3/ La connaissance de ce qui est en débat et qui bute notamment sur l’ignorance crasse des faits économiques élémentaires dans une culture exclusivement politique : laquelle, à droite comme à gauche, aboutit à des inepties atterrantes du genre : "l’Etat crée des emplois", "l’Etat garant de l’intérêt général" ;  et plus encore ces attaques convergentes contre ce libéralisme honni, qui défend à la fois "les monopoles" et "la concurrence sauvage" (comprenne qui pourra !). Peut-être serait-il envisageable, avant de les condamner, de lire, ne serait-ce que quelques lignes, d’auteurs mineurs puisque non français, comme Adam Smith, John Stuart Mill ou Hayek, qui ont très exactement écrit le contraire de ce que nos "intellectuels" (encore une fois de droite et de gauche) leur attribuent. Mais il est vrai qu’ils ne sont pas au programme de nos classes préparatoires. Comme ne le sont pas les grands libéraux français (eh oui, il y en a !) : ni Guizot, réduit au favoris de Louis-Philippe et à "l’enrichissez-vous !", ni Bastiat (inconnu au bataillon), ni Jean-François Revel (anticommuniste primaire, bah !). Certes un peu de Tocqueville et d’Aron, mais seulement à travers des "capita selecta", qui ne rendent pas la puissance dérangeante de leur pensée…

Et alors miracle… Il se pourrait bien que, ces trois conditions enfin respectées, le "cas français" reprenne quelques couleurs : que, par exemple, au lieu de pousser des cocoricos cocardiers, nous comprenions le vrai sens des hommages répétés du monde extérieur à notre pays : non seulement les médailles Fields et les prix Nobel (qui, de Modiano à Tirole en passant par Villani, ne donnent guère, c’est le moins qu’on puisse dire, dans le chauvinisme béat) ; mais aussi les quelque 70 millions de touristes qui parcourent chaque année, envers et contre tout, notre bel hexagone ; les créatures créatives qui hantent nos "fashion weeks" (pardon pour l’anglais !) ; la renommée mondiale de nos cinéastes et de nos architectes ; et peut-être plus encore nos entrepreneurs et nos centaines de milliers de jeunes que nous chassons de chez nous ("priorité à la jeunesse" oblige !) et auxquels nos voisins pragmatiques et avisés, déroulent, comme le dit le maire de Londres en français dans le texte, le "tapis rouge" !

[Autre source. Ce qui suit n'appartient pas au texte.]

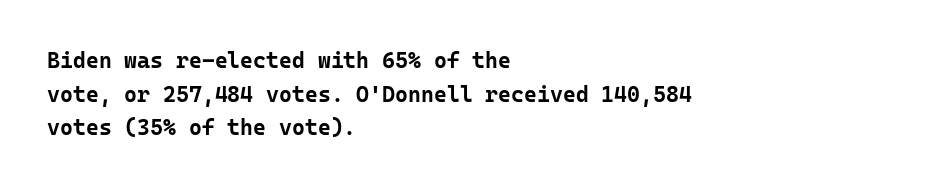
The image shows 22 px bold type, upright; set left-aligned, normal line spacing (1.53x), normal letter spacing, not underlined.

Alors nous pourrions être en état de comprendre le vrai message de ceux qui sont, après tout, (il est bon de le rappeler !) nos amis et nos alliés indéfectibles : un amour réel de la France que tous les sondages attestent, mais qui ne saurait être inconditionnel. Qui n’accepte plus une arrogance fondée sur l’ignorance ; une autosatisfaction basée sur le déni ; et un "modèle social" financé par les autres…

Non pas une jalousie mal placée ; encore moins une haine de la France ; mais l’exigence d’une profonde affection qui ne se satisfait pas de la médiocrité et du renoncement dans lesquels nous nous complaisons nous mêmes.

Et alors pourra renaître une fierté française authentique qui nous propulsera parmi les grands gagnants de la mondialisation : combat décisif pour lequel, quoiqu’en pensent les hommes et les femmes du ressentiment et du "penser-petit", nous détenons tant d’atouts.